While Fiji was originally intended for neuroscientists (and continues to be so), it accumulated enough functionality to attract scientists from a variety of fields, such as cell biology, parasitology, genetics, life sciences in general, materials science, etc. As stated on the official website, the primary focus is "life sciences", although Fiji provides many tools helping with scientific image analysis in general.

Fiji is most popular in the life sciences community, where the 3D Viewer helps visualizing data obtained through light microscopy, and for which Fiji provides registration, segmentation, and other advanced image processing algorithms.

The Fiji component TrakEM2 was successfully used and enhanced to analyze neuronal lineages in larval Drosophila brains.

Fiji was prominently featured in a Nature Methods review supplement on visualization.

The lattice fringe spacing of CdSe quantum dots was analyzed using Fiji.

==Development==
Fiji is fully open source. Its sources live in a public Git repository.

Fiji was accepted as an organization into the Google Summer of Code 2009, and completed two projects.
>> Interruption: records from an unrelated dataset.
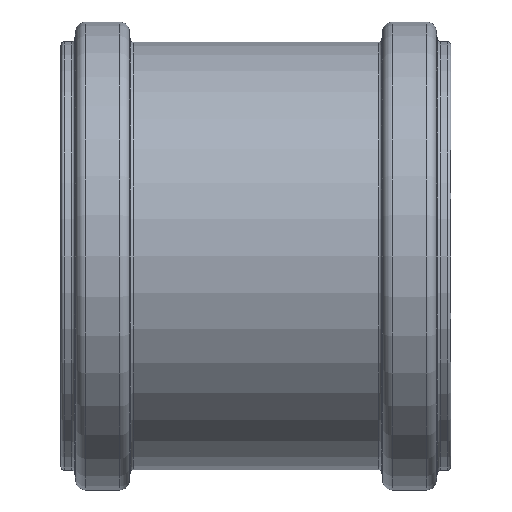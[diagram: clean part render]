
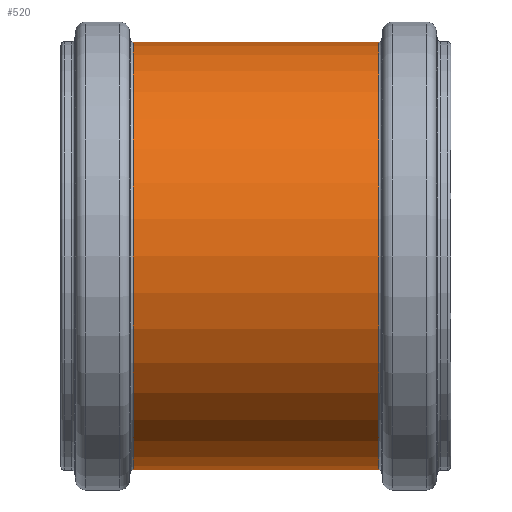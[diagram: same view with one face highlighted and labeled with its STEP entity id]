
A CAD part, left-side view. The second image highlights one B-rep face of the part: STEP entity #520.
In plain terms, the highlighted cylindrical face has radius 65.75 mm (diameter 131.5 mm), a full revolution.
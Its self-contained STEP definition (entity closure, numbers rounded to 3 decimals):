
#50=CYLINDRICAL_SURFACE('',#596,65.75);
#82=FACE_BOUND('',#204,.T.);
#130=FACE_OUTER_BOUND('',#203,.T.);
#203=EDGE_LOOP('',(#443));
#204=EDGE_LOOP('',(#444));
#274=CIRCLE('',#595,65.75);
#275=CIRCLE('',#597,65.75);
#322=VERTEX_POINT('',#911);
#323=VERTEX_POINT('',#914);
#370=EDGE_CURVE('',#322,#322,#274,.T.);
#371=EDGE_CURVE('',#323,#323,#275,.T.);
#443=ORIENTED_EDGE('',*,*,#370,.T.);
#444=ORIENTED_EDGE('',*,*,#371,.F.);
#520=ADVANCED_FACE('',(#130,#82),#50,.T.);
#595=AXIS2_PLACEMENT_3D('',#912,#743,#744);
#596=AXIS2_PLACEMENT_3D('',#913,#745,#746);
#597=AXIS2_PLACEMENT_3D('',#915,#747,#748);
#743=DIRECTION('center_axis',(0.,-1.,0.));
#744=DIRECTION('ref_axis',(1.,0.,0.));
#745=DIRECTION('center_axis',(0.,-1.,0.));
#746=DIRECTION('ref_axis',(1.,0.,0.));
#747=DIRECTION('center_axis',(0.,-1.,0.));
#748=DIRECTION('ref_axis',(1.,0.,0.));
#911=CARTESIAN_POINT('',(65.75,37.738,0.));
#912=CARTESIAN_POINT('Origin',(0.,37.738,0.));
#913=CARTESIAN_POINT('Origin',(0.,-18.869,
0.));
#914=CARTESIAN_POINT('',(65.75,-37.738,0.));
#915=CARTESIAN_POINT('Origin',(0.,-37.738,
0.));
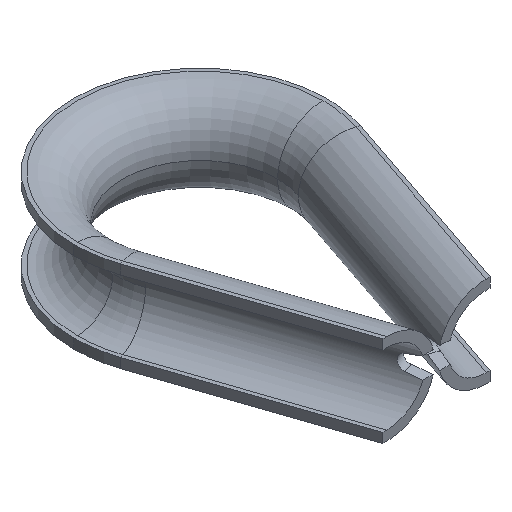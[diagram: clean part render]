
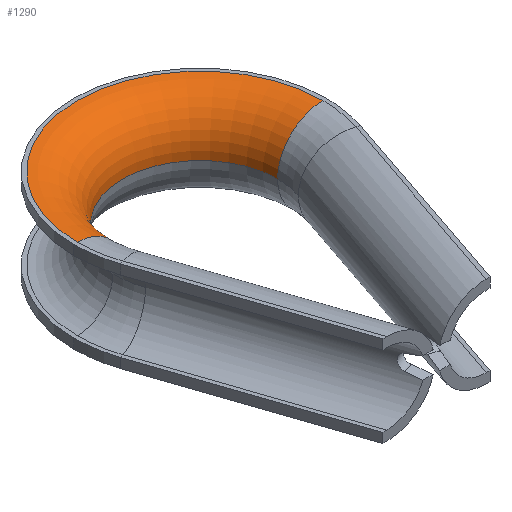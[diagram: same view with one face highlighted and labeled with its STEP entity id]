
A CAD part, isometric view. The second image highlights one B-rep face of the part: STEP entity #1290.
In plain terms, the highlighted toroidal (fillet/blend) face has major radius 10.155 mm and minor radius 3.75 mm.
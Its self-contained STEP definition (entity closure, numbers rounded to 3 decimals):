
#24 = CIRCLE ( 'NONE', #1190, 10.155 ) ;
#38 = TOROIDAL_SURFACE ( 'NONE', #662, 10.155, 3.75 ) ;
#54 = EDGE_CURVE ( 'NONE', #487, #370, #24, .T. ) ;
#224 = CIRCLE ( 'NONE', #1117, 3.75 ) ;
#249 = VERTEX_POINT ( 'NONE', #913 ) ;
#354 = CARTESIAN_POINT ( 'NONE',  ( -6.405, 0., 0. ) ) ;
#370 = VERTEX_POINT ( 'NONE', #478 ) ;
#435 = DIRECTION ( 'NONE',  ( 0., 1., 0. ) ) ;
#478 = CARTESIAN_POINT ( 'NONE',  ( 10.155, 0., 3.75 ) ) ;
#487 = VERTEX_POINT ( 'NONE', #1000 ) ;
#493 = EDGE_LOOP ( 'NONE', ( #1523, #808, #1129, #1152 ) ) ;
#512 = FACE_OUTER_BOUND ( 'NONE', #493, .T. ) ;
#529 = EDGE_CURVE ( 'NONE', #900, #249, #1276, .T. ) ;
#530 = AXIS2_PLACEMENT_3D ( 'NONE', #902, #1256, #1379 ) ;
#539 = DIRECTION ( 'NONE',  ( -0.947, -0.32, 0. ) ) ;
#608 = EDGE_CURVE ( 'NONE', #249, #370, #1442, .T. ) ;
#662 = AXIS2_PLACEMENT_3D ( 'NONE', #717, #1443, #706 ) ;
#706 = DIRECTION ( 'NONE',  ( -1., 0., 0. ) ) ;
#717 = CARTESIAN_POINT ( 'NONE',  ( 0., 0., 0. ) ) ;
#808 = ORIENTED_EDGE ( 'NONE', *, *, #529, .T. ) ;
#900 = VERTEX_POINT ( 'NONE', #354 ) ;
#902 = CARTESIAN_POINT ( 'NONE',  ( 0., 0., 0. ) ) ;
#913 = CARTESIAN_POINT ( 'NONE',  ( 6.405, 0., 0. ) ) ;
#914 = DIRECTION ( 'NONE',  ( -1., 0., 0. ) ) ;
#1000 = CARTESIAN_POINT ( 'NONE',  ( -10.155, 0., 3.75 ) ) ;
#1014 = CARTESIAN_POINT ( 'NONE',  ( 0., 0., 3.75 ) ) ;
#1117 = AXIS2_PLACEMENT_3D ( 'NONE', #1529, #1420, #1182 ) ;
#1129 = ORIENTED_EDGE ( 'NONE', *, *, #608, .T. ) ;
#1150 = EDGE_CURVE ( 'NONE', #900, #487, #224, .T. ) ;
#1152 = ORIENTED_EDGE ( 'NONE', *, *, #54, .F. ) ;
#1182 = DIRECTION ( 'NONE',  ( 0., 0., -1. ) ) ;
#1190 = AXIS2_PLACEMENT_3D ( 'NONE', #1014, #1491, #539 ) ;
#1256 = DIRECTION ( 'NONE',  ( 0., 0., -1. ) ) ;
#1276 = CIRCLE ( 'NONE', #530, 6.405 ) ;
#1290 = ADVANCED_FACE ( 'NONE', ( #512 ), #38, .T. ) ;
#1322 = AXIS2_PLACEMENT_3D ( 'NONE', #1373, #435, #914 ) ;
#1373 = CARTESIAN_POINT ( 'NONE',  ( 10.155, 0., 0. ) ) ;
#1379 = DIRECTION ( 'NONE',  ( -1., 0., 0. ) ) ;
#1420 = DIRECTION ( 'NONE',  ( 0., -1., 0. ) ) ;
#1442 = CIRCLE ( 'NONE', #1322, 3.75 ) ;
#1443 = DIRECTION ( 'NONE',  ( 0., 0., -1. ) ) ;
#1491 = DIRECTION ( 'NONE',  ( 0., 0., -1. ) ) ;
#1523 = ORIENTED_EDGE ( 'NONE', *, *, #1150, .F. ) ;
#1529 = CARTESIAN_POINT ( 'NONE',  ( -10.155, 0., 0. ) ) ;
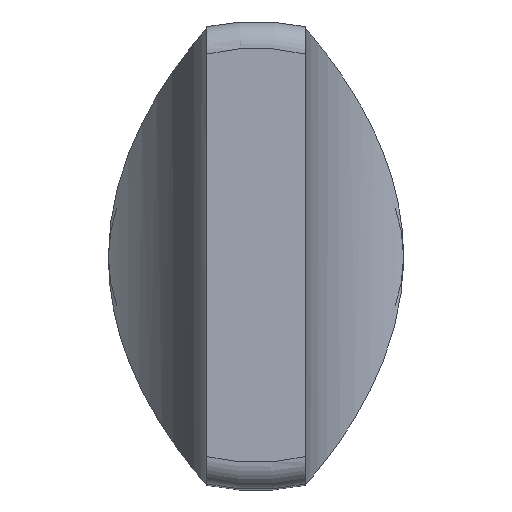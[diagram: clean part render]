
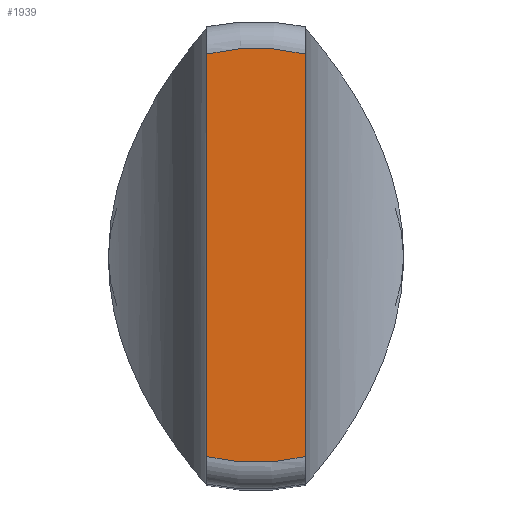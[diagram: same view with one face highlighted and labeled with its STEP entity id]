
A CAD part, top view. The second image highlights one B-rep face of the part: STEP entity #1939.
In plain terms, the highlighted planar face has unit normal (0, 0, 1).
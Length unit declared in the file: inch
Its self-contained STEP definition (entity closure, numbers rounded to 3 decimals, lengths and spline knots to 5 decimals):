
#29 = VERTEX_POINT ( 'NONE', #2829 ) ;
#106 = CARTESIAN_POINT ( 'NONE',  ( 0.023, -0.09411, 0.1875 ) ) ;
#170 = DIRECTION ( 'NONE',  ( 1., 0., 0. ) ) ;
#186 = LINE ( 'NONE', #2128, #1622 ) ;
#249 = AXIS2_PLACEMENT_3D ( 'NONE', #822, #602, #2607 ) ;
#300 = CIRCLE ( 'NONE', #1752, 0.09687 ) ;
#337 = DIRECTION ( 'NONE',  ( 0., -1., 0. ) ) ;
#384 = EDGE_CURVE ( 'NONE', #1259, #1715, #2525, .T. ) ;
#488 = EDGE_CURVE ( 'NONE', #29, #2424, #300, .T. ) ;
#541 = CARTESIAN_POINT ( 'NONE',  ( 0.023, 0.09411, 0.1875 ) ) ;
#573 = CARTESIAN_POINT ( 'NONE',  ( -0.023, 0.09687, 0.1875 ) ) ;
#602 = DIRECTION ( 'NONE',  ( 0., 0., -1. ) ) ;
#667 = DIRECTION ( 'NONE',  ( 0., 0., 1. ) ) ;
#680 = CARTESIAN_POINT ( 'NONE',  ( 0., 0., 0.1875 ) ) ;
#822 = CARTESIAN_POINT ( 'NONE',  ( 0., 0.09687, 0.1875 ) ) ;
#903 = CARTESIAN_POINT ( 'NONE',  ( -0.023, 0.09411, 0.1875 ) ) ;
#913 = VECTOR ( 'NONE', #337, 39.37008 ) ;
#973 = DIRECTION ( 'NONE',  ( 1., 0., 0. ) ) ;
#984 = EDGE_LOOP ( 'NONE', ( #2333, #2214, #1101, #2815 ) ) ;
#1101 = ORIENTED_EDGE ( 'NONE', *, *, #488, .T. ) ;
#1164 = AXIS2_PLACEMENT_3D ( 'NONE', #2409, #2821, #973 ) ;
#1259 = VERTEX_POINT ( 'NONE', #541 ) ;
#1362 = PLANE ( 'NONE',  #249 ) ;
#1576 = FACE_OUTER_BOUND ( 'NONE', #984, .T. ) ;
#1622 = VECTOR ( 'NONE', #1649, 39.37008 ) ;
#1649 = DIRECTION ( 'NONE',  ( 0., 1., 0. ) ) ;
#1711 = LINE ( 'NONE', #573, #913 ) ;
#1715 = VERTEX_POINT ( 'NONE', #903 ) ;
#1746 = EDGE_CURVE ( 'NONE', #2424, #1259, #186, .T. ) ;
#1752 = AXIS2_PLACEMENT_3D ( 'NONE', #680, #667, #170 ) ;
#1939 = ADVANCED_FACE ( 'NONE', ( #1576 ), #1362, .F. ) ;
#1970 = EDGE_CURVE ( 'NONE', #1715, #29, #1711, .T. ) ;
#2128 = CARTESIAN_POINT ( 'NONE',  ( 0.023, 0.09687, 0.1875 ) ) ;
#2214 = ORIENTED_EDGE ( 'NONE', *, *, #1970, .T. ) ;
#2333 = ORIENTED_EDGE ( 'NONE', *, *, #384, .T. ) ;
#2409 = CARTESIAN_POINT ( 'NONE',  ( 0., 0., 0.1875 ) ) ;
#2424 = VERTEX_POINT ( 'NONE', #106 ) ;
#2525 = CIRCLE ( 'NONE', #1164, 0.09687 ) ;
#2607 = DIRECTION ( 'NONE',  ( -1., 0., 0. ) ) ;
#2815 = ORIENTED_EDGE ( 'NONE', *, *, #1746, .T. ) ;
#2821 = DIRECTION ( 'NONE',  ( 0., 0., 1. ) ) ;
#2829 = CARTESIAN_POINT ( 'NONE',  ( -0.023, -0.09411, 0.1875 ) ) ;

The scripting framework, which supports JavaScript, Jython, JRuby, Clojure, BeanShell, and other languages, is an integral part of the development of Fiji; many developers prototype their plugins in one of the mentioned scripting languages, and gradually turn the prototypes into proper Java code. To this end, as one of the aforementioned Google Summer of Code projects, a script editor was added with syntax highlighting and in-place code execution.

The scripting framework is included in the Fiji releases, so that advanced users can use such scripts in their common workflow.

The development benefits from occasional hackathons, where life scientists with computational background meet and improve their respective plugins of interest.

==Script editor==
The script editor in Fiji supports rapid prototyping of scripts and ImageJ plugins, making Fiji a powerful tool to develop new image processing algorithms and explore new image processing techniques with ImageJ.

==Supported platforms==
Fiji runs on Windows, Linux, and Mac OS X, Intel 32-bit or 64-bit, with limited support for MacOSX/PPC.